*Your assignment*: In the records below, locate the line containing "Q: Is the text underlined? A: No.", then extract it and all following lines exactly, ending with the last line.

*Records from a data source*:
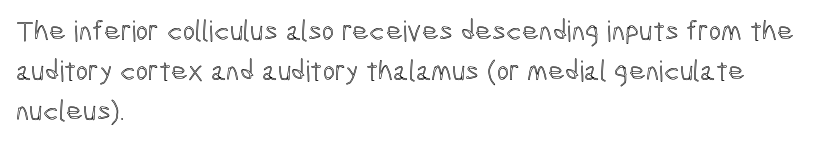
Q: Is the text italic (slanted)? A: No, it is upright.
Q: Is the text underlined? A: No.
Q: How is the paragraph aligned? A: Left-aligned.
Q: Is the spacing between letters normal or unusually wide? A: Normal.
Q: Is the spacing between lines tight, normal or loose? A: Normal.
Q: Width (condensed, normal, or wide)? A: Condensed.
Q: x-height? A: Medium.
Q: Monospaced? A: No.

*Expected answer*:
Q: Is the text underlined? A: No.
Q: How is the paragraph aligned? A: Left-aligned.
Q: Is the spacing between letters normal or unusually wide? A: Normal.
Q: Is the spacing between lines tight, normal or loose? A: Normal.
Q: Width (condensed, normal, or wide)? A: Condensed.
Q: x-height? A: Medium.
Q: Monospaced? A: No.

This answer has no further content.